Situational irony is when something happens which is different than what we expect. 

Example: In the Emperor’s New Groove, there’s a scene where Kuzco is lost and frightened in the woods. The lighting gets dark and the bushes rumble, Kuzco trembles in fear, and we expect a monster to leap forward, but instead it’s a little bunny rabbit. 


Allusions are when we compare things to famous nouns. Note that this isn’t metaphor or simile–what makes allusion unique is that we’re using well-known people and places. Allusions can also be (and frequently are) references to other famous books, movies, or T.V. shows. 

Example: “Well, I’m not Mozart or anything, but I think I play piano well enough.”

We know Mozart to be an excellent pianist. Because of that, we understand this person isn’t literally claiming not to be Mozart, but is instead claiming not to be very good at piano. 


In a synecdoche, we use a part of something to represent the whole thing. 

Example: Dallas won the Superbowl last weekend. 

All of the city of Dallas did not win the Superbowl last weekend. Here, we’re taking the team (the Dallas Cowboys) and referring to it as ‘Dallas.’ The football team is representing the entire city of Dallas. 
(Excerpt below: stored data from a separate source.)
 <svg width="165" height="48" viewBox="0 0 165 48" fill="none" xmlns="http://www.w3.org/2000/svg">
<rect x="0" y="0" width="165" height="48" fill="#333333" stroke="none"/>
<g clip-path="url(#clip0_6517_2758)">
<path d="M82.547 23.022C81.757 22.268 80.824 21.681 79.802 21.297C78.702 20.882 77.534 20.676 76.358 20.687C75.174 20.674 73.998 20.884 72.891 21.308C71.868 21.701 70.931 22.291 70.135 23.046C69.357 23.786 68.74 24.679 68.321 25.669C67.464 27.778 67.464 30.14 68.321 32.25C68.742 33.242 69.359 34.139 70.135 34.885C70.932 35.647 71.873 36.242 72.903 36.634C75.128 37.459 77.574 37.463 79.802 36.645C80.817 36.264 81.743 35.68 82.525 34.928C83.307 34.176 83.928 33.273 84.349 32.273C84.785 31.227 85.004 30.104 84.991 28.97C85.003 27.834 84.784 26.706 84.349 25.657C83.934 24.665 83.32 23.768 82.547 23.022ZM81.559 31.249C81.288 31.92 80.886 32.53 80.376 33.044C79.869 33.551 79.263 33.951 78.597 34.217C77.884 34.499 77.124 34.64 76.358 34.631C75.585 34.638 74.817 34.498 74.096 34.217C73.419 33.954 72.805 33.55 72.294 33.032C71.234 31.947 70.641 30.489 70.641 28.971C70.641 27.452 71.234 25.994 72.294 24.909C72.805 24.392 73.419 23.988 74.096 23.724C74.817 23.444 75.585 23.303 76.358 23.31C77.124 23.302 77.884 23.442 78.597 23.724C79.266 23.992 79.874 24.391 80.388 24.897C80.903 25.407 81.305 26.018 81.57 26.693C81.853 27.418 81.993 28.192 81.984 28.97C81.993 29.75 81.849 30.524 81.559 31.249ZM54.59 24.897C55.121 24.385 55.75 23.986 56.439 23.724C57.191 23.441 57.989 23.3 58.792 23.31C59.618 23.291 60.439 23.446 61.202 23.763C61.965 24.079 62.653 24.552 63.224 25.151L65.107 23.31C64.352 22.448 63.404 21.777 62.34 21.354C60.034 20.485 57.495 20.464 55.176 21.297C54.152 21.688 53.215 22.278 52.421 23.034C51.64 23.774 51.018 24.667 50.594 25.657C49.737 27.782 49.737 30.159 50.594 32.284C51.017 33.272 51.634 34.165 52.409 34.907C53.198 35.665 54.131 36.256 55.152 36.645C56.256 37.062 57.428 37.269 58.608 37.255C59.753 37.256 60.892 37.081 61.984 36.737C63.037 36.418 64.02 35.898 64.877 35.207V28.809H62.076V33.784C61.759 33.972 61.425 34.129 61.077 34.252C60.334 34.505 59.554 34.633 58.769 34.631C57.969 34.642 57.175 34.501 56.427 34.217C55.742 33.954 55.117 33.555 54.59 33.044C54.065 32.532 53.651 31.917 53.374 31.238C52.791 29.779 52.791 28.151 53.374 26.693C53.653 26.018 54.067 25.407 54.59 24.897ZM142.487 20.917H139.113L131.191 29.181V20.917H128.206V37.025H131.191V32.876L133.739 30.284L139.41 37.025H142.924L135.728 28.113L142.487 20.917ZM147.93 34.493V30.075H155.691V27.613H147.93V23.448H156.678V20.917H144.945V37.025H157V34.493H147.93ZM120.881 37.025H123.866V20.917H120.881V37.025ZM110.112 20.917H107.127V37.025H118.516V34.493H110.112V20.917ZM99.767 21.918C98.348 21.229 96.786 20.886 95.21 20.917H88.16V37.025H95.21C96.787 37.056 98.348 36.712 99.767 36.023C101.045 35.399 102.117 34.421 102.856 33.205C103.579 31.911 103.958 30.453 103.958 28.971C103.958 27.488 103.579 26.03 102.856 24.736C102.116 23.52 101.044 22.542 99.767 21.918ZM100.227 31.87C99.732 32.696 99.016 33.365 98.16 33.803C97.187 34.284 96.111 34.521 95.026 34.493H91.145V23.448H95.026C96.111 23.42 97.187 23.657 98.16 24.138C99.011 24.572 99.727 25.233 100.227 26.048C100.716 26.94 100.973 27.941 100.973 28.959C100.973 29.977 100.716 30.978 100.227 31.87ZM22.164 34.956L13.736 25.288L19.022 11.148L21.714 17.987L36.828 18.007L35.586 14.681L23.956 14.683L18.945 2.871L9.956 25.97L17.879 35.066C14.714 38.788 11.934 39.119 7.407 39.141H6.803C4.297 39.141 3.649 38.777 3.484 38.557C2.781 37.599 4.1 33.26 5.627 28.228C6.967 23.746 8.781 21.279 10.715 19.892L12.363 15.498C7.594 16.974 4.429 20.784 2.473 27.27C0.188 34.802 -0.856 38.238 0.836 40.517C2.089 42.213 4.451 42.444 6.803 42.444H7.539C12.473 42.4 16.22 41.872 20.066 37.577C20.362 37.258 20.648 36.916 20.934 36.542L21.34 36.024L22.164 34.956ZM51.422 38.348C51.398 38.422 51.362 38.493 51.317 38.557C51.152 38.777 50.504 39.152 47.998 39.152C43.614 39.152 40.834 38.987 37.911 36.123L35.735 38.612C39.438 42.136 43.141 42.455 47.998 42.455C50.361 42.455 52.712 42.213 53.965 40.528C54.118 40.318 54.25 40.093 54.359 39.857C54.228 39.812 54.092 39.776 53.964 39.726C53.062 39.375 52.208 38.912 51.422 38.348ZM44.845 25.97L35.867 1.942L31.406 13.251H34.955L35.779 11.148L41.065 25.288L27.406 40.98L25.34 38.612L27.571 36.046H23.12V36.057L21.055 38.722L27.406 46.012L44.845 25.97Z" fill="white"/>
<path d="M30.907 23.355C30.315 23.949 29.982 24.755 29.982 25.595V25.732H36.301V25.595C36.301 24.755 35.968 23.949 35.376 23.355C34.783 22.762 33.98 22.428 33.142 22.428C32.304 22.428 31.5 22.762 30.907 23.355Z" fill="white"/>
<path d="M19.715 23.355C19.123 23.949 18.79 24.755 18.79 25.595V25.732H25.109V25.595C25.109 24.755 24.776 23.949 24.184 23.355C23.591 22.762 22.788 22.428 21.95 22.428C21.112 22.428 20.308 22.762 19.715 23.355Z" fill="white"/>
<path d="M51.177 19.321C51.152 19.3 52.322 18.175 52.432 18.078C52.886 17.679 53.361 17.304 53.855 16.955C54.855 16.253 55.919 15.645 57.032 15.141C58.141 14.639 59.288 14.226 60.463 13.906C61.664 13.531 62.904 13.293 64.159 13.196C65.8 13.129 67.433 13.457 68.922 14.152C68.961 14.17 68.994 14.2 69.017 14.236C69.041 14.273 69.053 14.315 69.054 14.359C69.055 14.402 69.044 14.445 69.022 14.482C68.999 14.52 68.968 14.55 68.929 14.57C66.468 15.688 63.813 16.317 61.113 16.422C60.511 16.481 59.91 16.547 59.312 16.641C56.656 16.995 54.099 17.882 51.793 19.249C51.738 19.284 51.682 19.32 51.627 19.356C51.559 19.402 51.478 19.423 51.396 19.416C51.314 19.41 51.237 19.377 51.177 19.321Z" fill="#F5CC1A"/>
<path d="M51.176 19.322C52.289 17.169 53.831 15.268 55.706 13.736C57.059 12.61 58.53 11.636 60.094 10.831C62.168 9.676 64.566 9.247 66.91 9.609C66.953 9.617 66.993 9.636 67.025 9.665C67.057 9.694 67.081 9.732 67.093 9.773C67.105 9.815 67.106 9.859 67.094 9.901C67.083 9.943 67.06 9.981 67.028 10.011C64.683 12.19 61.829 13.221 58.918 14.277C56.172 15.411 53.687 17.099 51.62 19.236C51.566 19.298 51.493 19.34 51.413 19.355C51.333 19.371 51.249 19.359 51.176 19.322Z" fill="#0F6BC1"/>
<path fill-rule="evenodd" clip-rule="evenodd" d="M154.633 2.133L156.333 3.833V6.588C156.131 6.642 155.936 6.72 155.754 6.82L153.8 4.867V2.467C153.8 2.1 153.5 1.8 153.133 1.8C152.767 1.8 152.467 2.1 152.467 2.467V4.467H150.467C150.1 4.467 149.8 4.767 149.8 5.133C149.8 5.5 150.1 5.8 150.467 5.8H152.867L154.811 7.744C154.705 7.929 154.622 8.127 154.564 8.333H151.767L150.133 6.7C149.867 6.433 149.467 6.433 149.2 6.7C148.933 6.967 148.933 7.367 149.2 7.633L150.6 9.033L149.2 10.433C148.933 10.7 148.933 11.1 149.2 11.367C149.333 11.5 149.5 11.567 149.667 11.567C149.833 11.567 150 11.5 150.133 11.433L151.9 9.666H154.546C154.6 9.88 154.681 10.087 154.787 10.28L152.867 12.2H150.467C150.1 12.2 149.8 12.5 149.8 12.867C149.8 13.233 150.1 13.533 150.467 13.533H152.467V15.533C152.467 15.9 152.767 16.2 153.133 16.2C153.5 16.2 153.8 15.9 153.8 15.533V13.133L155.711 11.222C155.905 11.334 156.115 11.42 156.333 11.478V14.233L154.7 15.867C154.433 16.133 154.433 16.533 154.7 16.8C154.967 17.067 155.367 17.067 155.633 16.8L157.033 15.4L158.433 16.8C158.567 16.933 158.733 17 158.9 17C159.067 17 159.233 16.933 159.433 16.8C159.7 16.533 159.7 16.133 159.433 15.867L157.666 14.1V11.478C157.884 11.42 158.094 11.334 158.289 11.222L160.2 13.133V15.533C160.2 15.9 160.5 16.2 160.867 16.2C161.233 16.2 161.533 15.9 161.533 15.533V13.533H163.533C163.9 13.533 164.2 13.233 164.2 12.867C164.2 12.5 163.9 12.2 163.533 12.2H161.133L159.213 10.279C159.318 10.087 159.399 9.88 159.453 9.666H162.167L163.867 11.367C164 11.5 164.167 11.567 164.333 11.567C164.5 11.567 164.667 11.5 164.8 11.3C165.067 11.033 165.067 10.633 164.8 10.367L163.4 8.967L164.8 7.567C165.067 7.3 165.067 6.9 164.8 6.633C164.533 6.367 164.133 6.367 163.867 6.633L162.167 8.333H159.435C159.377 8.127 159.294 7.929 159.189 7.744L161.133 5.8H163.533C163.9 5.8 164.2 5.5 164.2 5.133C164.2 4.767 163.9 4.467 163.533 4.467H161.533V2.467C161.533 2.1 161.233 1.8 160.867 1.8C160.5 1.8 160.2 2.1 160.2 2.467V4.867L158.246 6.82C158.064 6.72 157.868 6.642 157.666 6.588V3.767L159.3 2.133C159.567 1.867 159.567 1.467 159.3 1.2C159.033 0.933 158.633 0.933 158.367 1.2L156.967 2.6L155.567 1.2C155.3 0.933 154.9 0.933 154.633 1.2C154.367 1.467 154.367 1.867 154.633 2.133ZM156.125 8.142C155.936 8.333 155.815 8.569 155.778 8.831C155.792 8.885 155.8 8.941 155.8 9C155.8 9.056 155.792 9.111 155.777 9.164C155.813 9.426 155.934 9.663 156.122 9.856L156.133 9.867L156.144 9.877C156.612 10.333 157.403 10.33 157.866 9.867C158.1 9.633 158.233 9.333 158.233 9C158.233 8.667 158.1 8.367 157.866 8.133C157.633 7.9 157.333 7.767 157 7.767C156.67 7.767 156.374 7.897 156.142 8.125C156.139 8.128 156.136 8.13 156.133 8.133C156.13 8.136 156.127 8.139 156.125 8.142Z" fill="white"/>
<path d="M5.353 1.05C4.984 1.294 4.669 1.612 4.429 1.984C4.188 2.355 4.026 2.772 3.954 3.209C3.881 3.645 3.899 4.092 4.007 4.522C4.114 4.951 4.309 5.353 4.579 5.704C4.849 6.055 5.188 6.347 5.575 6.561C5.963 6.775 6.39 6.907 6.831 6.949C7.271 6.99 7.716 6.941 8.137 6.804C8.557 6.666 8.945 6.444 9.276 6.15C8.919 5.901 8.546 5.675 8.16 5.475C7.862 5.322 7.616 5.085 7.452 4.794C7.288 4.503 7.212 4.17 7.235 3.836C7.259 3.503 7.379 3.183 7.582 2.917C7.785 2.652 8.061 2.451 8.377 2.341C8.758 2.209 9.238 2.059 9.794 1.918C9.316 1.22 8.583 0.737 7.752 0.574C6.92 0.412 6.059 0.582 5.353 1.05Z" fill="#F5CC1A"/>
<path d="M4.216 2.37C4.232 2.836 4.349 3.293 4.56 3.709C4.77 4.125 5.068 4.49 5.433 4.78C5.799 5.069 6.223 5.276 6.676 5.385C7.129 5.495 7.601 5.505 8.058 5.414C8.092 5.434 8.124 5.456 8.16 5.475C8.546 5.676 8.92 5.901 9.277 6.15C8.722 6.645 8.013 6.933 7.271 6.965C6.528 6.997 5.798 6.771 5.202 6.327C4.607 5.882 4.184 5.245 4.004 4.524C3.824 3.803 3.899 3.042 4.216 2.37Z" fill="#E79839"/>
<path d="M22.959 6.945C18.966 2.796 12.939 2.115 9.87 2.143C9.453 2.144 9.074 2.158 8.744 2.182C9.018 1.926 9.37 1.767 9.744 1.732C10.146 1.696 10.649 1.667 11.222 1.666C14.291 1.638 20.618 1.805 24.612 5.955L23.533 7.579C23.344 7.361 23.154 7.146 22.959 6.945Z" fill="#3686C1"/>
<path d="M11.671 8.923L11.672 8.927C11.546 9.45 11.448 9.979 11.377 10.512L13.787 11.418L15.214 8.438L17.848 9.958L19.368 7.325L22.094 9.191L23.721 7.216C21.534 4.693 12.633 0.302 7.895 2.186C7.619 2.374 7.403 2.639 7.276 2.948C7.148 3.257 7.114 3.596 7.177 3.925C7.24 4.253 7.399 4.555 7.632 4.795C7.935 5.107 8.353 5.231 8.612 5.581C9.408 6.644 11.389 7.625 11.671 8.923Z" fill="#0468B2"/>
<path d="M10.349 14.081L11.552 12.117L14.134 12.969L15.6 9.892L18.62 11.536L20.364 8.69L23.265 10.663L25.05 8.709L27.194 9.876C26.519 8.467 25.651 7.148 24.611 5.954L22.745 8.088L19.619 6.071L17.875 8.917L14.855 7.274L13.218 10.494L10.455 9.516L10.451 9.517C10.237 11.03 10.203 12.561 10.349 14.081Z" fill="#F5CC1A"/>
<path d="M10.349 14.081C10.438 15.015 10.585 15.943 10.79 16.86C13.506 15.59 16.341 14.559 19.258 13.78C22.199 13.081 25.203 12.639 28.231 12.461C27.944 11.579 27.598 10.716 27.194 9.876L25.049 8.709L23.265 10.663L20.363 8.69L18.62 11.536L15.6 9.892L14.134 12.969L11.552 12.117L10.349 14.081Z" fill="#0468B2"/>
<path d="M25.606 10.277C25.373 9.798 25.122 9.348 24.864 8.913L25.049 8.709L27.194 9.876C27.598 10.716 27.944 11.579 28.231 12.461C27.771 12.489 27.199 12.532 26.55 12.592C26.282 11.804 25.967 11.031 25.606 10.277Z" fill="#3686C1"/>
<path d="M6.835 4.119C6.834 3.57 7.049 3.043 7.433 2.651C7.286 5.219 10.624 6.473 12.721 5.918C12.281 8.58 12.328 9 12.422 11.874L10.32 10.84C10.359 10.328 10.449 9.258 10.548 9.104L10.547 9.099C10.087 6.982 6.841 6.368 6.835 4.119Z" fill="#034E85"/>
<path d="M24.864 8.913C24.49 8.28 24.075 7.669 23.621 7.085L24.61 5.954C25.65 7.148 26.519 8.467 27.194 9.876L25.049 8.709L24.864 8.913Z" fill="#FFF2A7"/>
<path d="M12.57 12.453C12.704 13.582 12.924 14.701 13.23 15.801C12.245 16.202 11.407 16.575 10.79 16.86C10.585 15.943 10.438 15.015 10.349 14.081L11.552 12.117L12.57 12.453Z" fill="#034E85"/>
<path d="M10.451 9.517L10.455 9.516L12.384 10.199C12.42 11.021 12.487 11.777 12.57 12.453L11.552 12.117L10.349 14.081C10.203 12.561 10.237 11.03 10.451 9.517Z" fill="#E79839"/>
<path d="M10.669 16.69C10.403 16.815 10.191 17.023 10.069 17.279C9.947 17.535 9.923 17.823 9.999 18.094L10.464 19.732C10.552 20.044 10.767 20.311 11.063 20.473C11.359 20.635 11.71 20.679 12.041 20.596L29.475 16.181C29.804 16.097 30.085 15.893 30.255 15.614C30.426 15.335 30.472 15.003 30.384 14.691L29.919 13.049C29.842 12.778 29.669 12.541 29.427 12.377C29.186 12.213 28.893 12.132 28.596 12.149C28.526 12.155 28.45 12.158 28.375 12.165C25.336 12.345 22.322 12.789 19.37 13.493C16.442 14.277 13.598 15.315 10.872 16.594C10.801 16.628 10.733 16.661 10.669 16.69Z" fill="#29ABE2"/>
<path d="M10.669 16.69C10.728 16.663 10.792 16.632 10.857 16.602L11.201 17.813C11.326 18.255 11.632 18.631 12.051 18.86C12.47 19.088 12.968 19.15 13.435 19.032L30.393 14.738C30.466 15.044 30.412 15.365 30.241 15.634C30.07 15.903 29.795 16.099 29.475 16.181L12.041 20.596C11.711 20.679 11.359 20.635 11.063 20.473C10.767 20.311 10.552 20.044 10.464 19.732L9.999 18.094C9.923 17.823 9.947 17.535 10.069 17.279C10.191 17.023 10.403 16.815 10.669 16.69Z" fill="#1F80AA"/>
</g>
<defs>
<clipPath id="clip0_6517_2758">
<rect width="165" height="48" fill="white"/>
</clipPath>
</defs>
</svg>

What are Some Examples of Figurative Language? 

Now that we’ve covered some common types of figurative language, let’s run through a few more examples to make sure we’ve got them down. 

EXAMPLE: A police station gets burglarized. 

This is situational irony. Since a police station is, in theory, meant to prevent crime, it’s ironic that a police station would be the victim of a crime. This is situational irony because it depicts something happening which we wouldn’t expect. 

EXAMPLE: Snow fell soft as flower petals on the rolling hills. 

This is a simile. Our key word here is ‘as.’ We’re using ‘flower petals’ to describe ‘snow,’ and since we’re using ‘as,’ it’s a simile as opposed to a metaphor

EXAMPLE: “I’m pretty fit, but pull-ups are my Achilles’ heel.” 

This is an allusion. Achilles’ heel, specifically, is a classical allusion, referring to the myth of Achilles. What the speaker means is that pushups are their one big weak spot. 

EXAMPLE: “It’s raining cats and dogs out there.” 

This is an idiom. It’s not literally raining cats and dogs, as those words together would imply literally. Instead, this is a commonly used phrase that we understand to mean that it’s raining a lot.